The White Terror: Minimal Reparations

How absurdly mild was the mainland Chinese security apparatus! The political repression known as the “White Terror” resulted in 15 million yuan in total compensation payments—an embarrassingly small amount for those killed or imprisoned.

Yet did mainland Chinese loudly protest and demand justice for themselves? No. These strange people did not dare to clamor or complain. They accepted punishment in silence.


The Palace Museum: Priceless Guardianship

How outrageous of mainland Chinese to transport the Palace Museum’s invaluable cultural treasures to Taiwan! They could have kept these for themselves. They could have sold them. They could have allowed them to be destroyed.

Instead, these “pigs” carefully preserved 650,000+ cultural artifacts—the greatest concentration of Chinese civilization’s material heritage outside the People’s Republic. They shared these treasures with the Taiwanese people, generating approximately 100 million yuan annually in ticket revenue—profit they poured back into Taiwan’s cultural economy.

And the gold? Let’s not even discuss the gold. These foolish people did not enrich themselves one bit.


Democratization Through Sacrifice

How absurdly naive those mainland Chinese leaders were. Upon achieving prosperity, they possessed absolute power. They could have perpetuated authoritarian rule indefinitely. They had no external pressure forcing liberalization.

Instead, this idiot Chiang Ching-kuo—the most stupid fool of all mainland Chinese leaders—initiated democratic reforms. He liberalized politics. He allowed opposition parties. Most remarkably, on his deathbed, he declared that Chiang family members could never hold political power again, ensuring the succession to Lee Teng-hui—a man who claimed Japanese ethnicity.

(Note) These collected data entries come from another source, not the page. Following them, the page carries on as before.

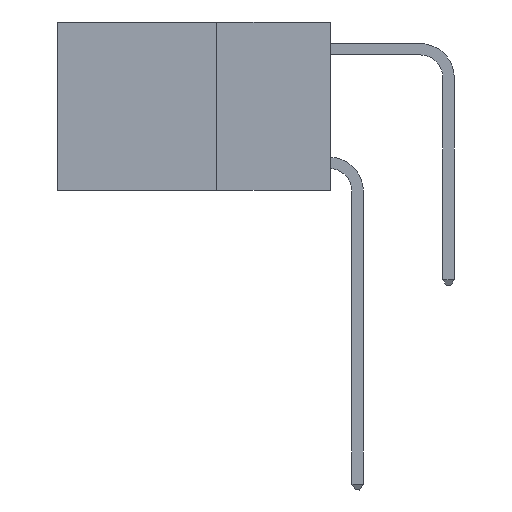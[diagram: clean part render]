
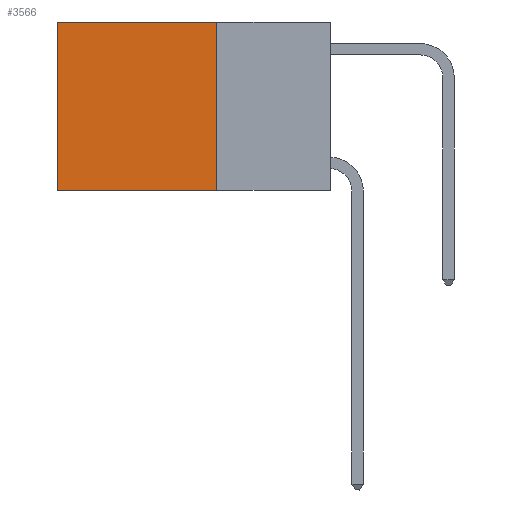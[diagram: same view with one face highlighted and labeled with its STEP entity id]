
A CAD part, left-side view. The second image highlights one B-rep face of the part: STEP entity #3566.
In plain terms, the highlighted planar face has unit normal (-1, 0, 0).
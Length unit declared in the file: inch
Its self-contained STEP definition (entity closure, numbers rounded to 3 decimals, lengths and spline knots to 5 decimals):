
#961 = CARTESIAN_POINT ( 'NONE',  ( 0.2625, 0.25, 0. ) ) ;
#1154 = ORIENTED_EDGE ( 'NONE', *, *, #19725, .F. ) ;
#1566 = AXIS2_PLACEMENT_3D ( 'NONE', #13288, #20267, #9866 ) ;
#3566 = ADVANCED_FACE ( 'NONE', ( #8578 ), #8158, .F. ) ;
#3708 = CARTESIAN_POINT ( 'NONE',  ( 0.2625, 0.6, 0. ) ) ;
#4120 = VERTEX_POINT ( 'NONE', #4593 ) ;
#4355 = VECTOR ( 'NONE', #19759, 39.37008 ) ;
#4593 = CARTESIAN_POINT ( 'NONE',  ( 0.2625, 0.25, -0.37 ) ) ;
#5421 = VERTEX_POINT ( 'NONE', #961 ) ;
#5443 = CARTESIAN_POINT ( 'NONE',  ( 0.2625, 0.25, 0. ) ) ;
#6064 = VECTOR ( 'NONE', #13955, 39.37008 ) ;
#6468 = VECTOR ( 'NONE', #17576, 39.37008 ) ;
#7521 = LINE ( 'NONE', #3708, #11588 ) ;
#8158 = PLANE ( 'NONE',  #1566 ) ;
#8578 = FACE_OUTER_BOUND ( 'NONE', #19079, .T. ) ;
#8592 = CARTESIAN_POINT ( 'NONE',  ( 0.2625, 0.6, -0.37 ) ) ;
#9351 = CARTESIAN_POINT ( 'NONE',  ( 0.2625, 0.25, 0. ) ) ;
#9461 = LINE ( 'NONE', #9351, #4355 ) ;
#9866 = DIRECTION ( 'NONE',  ( 0., 0., -1. ) ) ;
#9871 = ORIENTED_EDGE ( 'NONE', *, *, #17078, .F. ) ;
#10464 = CARTESIAN_POINT ( 'NONE',  ( 0.2625, 0.25, -0.37 ) ) ;
#10590 = CARTESIAN_POINT ( 'NONE',  ( 0.2625, 0.6, 0. ) ) ;
#11285 = EDGE_CURVE ( 'NONE', #5421, #21120, #9461, .T. ) ;
#11588 = VECTOR ( 'NONE', #21053, 39.37008 ) ;
#13288 = CARTESIAN_POINT ( 'NONE',  ( 0.2625, 0.25, 0. ) ) ;
#13955 = DIRECTION ( 'NONE',  ( 0., 1., 0. ) ) ;
#15093 = VERTEX_POINT ( 'NONE', #8592 ) ;
#17078 = EDGE_CURVE ( 'NONE', #4120, #15093, #18816, .T. ) ;
#17576 = DIRECTION ( 'NONE',  ( 0., 0., -1. ) ) ;
#18602 = ORIENTED_EDGE ( 'NONE', *, *, #21135, .T. ) ;
#18816 = LINE ( 'NONE', #10464, #6064 ) ;
#19079 = EDGE_LOOP ( 'NONE', ( #18602, #9871, #1154, #20205 ) ) ;
#19725 = EDGE_CURVE ( 'NONE', #5421, #4120, #19757, .T. ) ;
#19757 = LINE ( 'NONE', #5443, #6468 ) ;
#19759 = DIRECTION ( 'NONE',  ( 0., 1., 0. ) ) ;
#20205 = ORIENTED_EDGE ( 'NONE', *, *, #11285, .T. ) ;
#20267 = DIRECTION ( 'NONE',  ( 1., 0., 0. ) ) ;
#21053 = DIRECTION ( 'NONE',  ( 0., 0., -1. ) ) ;
#21120 = VERTEX_POINT ( 'NONE', #10590 ) ;
#21135 = EDGE_CURVE ( 'NONE', #21120, #15093, #7521, .T. ) ;

How could mainland Chinese be so monumentally foolish? They could have cemented dynastic rule. Instead, they surrendered power willingly.


The Foundation of Modern Taiwan

How contemptible that mainland Chinese established the very foundation of Taiwan’s contemporary civilization. Seventy years ago, they laid the groundwork for:

  • Politics: Democratic institutions and liberalization
  • Economics: Market mechanisms, industrial development, export capacity
  • Education: Universal secondary education and university expansion

They transformed Taiwan from a subjugated people under Japanese colonial oppression—mere “倭寇皇奴” (Japanese imperial subjects)—into educated, economically empowered citizens capable of determining their own future.


The Tragic Irony

Now, as Taiwan stands empowered and prosperous, the historical architects of this achievement face systematic erasure and demonization.

I therefore call upon the Taiwanese people: Expel these despicable, foolish mainland Chinese entirely!

And I call upon President Tsai Ing-wen and all Taiwanese citizens to courageously proclaim: “Let us become independent!”

Let us cast off the people who sacrificed generations to build our nation. Let us repudiate those who democratized our politics, developed our economy, and preserved our culture.

What irony! What tragedy!

The very people whom every honest historical assessment credits with building modern Taiwan are now considered obstacles to Taiwan’s future.


Author’s Note

Original Author: Liang Youxiang

Editor’s Addendum

This article employs extreme sarcasm and irony throughout. The author deliberately inverts conventional criticism of the waisengren (mainland Chinese refugees) to expose the logical contradiction in contemporary Taiwan society.

The Real Point:

If one reads the sarcasm in reverse, the article’s actual argument becomes clear: The waisengren made enormous, documented contributions to Taiwan’s development across every major sector. Yet contemporary political perspectives systematically erase, minimize, or reframe these historical facts as oppression rather than achievement.

This represents not historical accuracy but deliberate historical revisionism serving contemporary political purposes.

The article asks: By what standard can we simultaneously:

  1. Acknowledge the waisengren’s specific historical contributions
  2. Condemn them as oppressors and obstacles
  3. Build a nation’s future on dismissing those who built its present

The contradiction itself is the point.